## EXERCISE DIRECTIONS
Exact reproduction of the listing is required. Pictures are not reproduced.

╭──

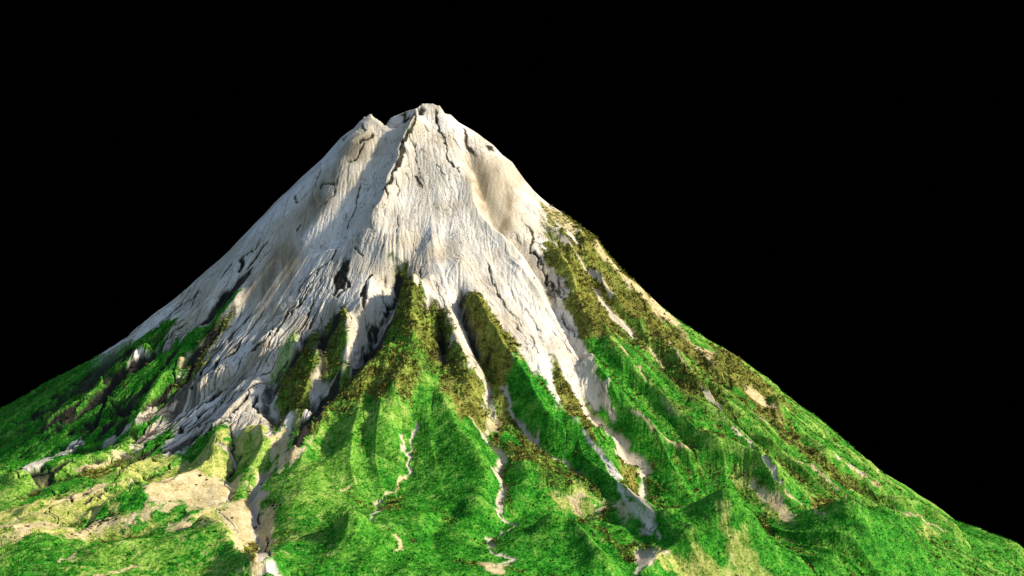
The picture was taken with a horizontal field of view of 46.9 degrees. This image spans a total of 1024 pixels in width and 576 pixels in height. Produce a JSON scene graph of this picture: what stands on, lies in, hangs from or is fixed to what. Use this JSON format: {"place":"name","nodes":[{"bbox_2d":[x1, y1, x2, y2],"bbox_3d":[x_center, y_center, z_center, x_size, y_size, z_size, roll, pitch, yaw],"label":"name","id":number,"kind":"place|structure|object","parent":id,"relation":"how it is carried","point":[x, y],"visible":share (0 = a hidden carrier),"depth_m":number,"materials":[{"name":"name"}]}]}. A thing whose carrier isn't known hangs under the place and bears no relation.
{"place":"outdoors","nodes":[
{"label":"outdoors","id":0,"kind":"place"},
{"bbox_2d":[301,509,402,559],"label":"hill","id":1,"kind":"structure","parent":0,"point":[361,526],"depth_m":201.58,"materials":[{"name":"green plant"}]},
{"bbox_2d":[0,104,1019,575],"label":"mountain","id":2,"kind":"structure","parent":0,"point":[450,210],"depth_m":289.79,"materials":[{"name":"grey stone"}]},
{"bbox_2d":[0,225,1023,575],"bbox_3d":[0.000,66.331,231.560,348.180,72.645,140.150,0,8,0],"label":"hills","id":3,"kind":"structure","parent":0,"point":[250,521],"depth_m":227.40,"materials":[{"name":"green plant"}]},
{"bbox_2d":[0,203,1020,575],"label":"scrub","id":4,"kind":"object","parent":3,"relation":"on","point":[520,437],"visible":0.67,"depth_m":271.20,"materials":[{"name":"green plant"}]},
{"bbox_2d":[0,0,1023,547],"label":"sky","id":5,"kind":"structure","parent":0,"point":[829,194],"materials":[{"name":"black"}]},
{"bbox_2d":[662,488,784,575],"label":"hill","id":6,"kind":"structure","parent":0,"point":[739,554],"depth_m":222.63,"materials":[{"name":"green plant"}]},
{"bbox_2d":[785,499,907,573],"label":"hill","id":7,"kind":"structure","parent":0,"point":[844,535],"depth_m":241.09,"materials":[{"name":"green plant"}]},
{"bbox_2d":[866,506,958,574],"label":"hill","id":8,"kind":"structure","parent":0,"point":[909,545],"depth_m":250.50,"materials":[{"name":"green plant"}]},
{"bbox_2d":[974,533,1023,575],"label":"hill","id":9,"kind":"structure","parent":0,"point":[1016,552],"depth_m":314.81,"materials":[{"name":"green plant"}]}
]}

╰──

## WRITTEN SOLUTION
The picture was taken with a horizontal field of view of 46.9 degrees. This image spans a total of 1024 pixels in width and 576 pixels in height. Produce a JSON scene graph of this picture: what stands on, lies in, hangs from or is fixed to what. Use this JSON format: {"place":"name","nodes":[{"bbox_2d":[x1, y1, x2, y2],"bbox_3d":[x_center, y_center, z_center, x_size, y_size, z_size, roll, pitch, yaw],"label":"name","id":number,"kind":"place|structure|object","parent":id,"relation":"how it is carried","point":[x, y],"visible":share (0 = a hidden carrier),"depth_m":number,"materials":[{"name":"name"}]}]}. A thing whose carrier isn't known hangs under the place and bears no relation.
{"place":"outdoors","nodes":[
{"label":"outdoors","id":0,"kind":"place"},
{"bbox_2d":[301,509,402,559],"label":"hill","id":1,"kind":"structure","parent":0,"point":[361,526],"depth_m":201.58,"materials":[{"name":"green plant"}]},
{"bbox_2d":[0,104,1019,575],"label":"mountain","id":2,"kind":"structure","parent":0,"point":[450,210],"depth_m":289.79,"materials":[{"name":"grey stone"}]},
{"bbox_2d":[0,225,1023,575],"bbox_3d":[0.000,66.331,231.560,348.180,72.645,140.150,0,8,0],"label":"hills","id":3,"kind":"structure","parent":0,"point":[250,521],"depth_m":227.40,"materials":[{"name":"green plant"}]},
{"bbox_2d":[0,203,1020,575],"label":"scrub","id":4,"kind":"object","parent":3,"relation":"on","point":[520,437],"visible":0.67,"depth_m":271.20,"materials":[{"name":"green plant"}]},
{"bbox_2d":[0,0,1023,547],"label":"sky","id":5,"kind":"structure","parent":0,"point":[829,194],"materials":[{"name":"black"}]},
{"bbox_2d":[662,488,784,575],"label":"hill","id":6,"kind":"structure","parent":0,"point":[739,554],"depth_m":222.63,"materials":[{"name":"green plant"}]},
{"bbox_2d":[785,499,907,573],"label":"hill","id":7,"kind":"structure","parent":0,"point":[844,535],"depth_m":241.09,"materials":[{"name":"green plant"}]},
{"bbox_2d":[866,506,958,574],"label":"hill","id":8,"kind":"structure","parent":0,"point":[909,545],"depth_m":250.50,"materials":[{"name":"green plant"}]},
{"bbox_2d":[974,533,1023,575],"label":"hill","id":9,"kind":"structure","parent":0,"point":[1016,552],"depth_m":314.81,"materials":[{"name":"green plant"}]}
]}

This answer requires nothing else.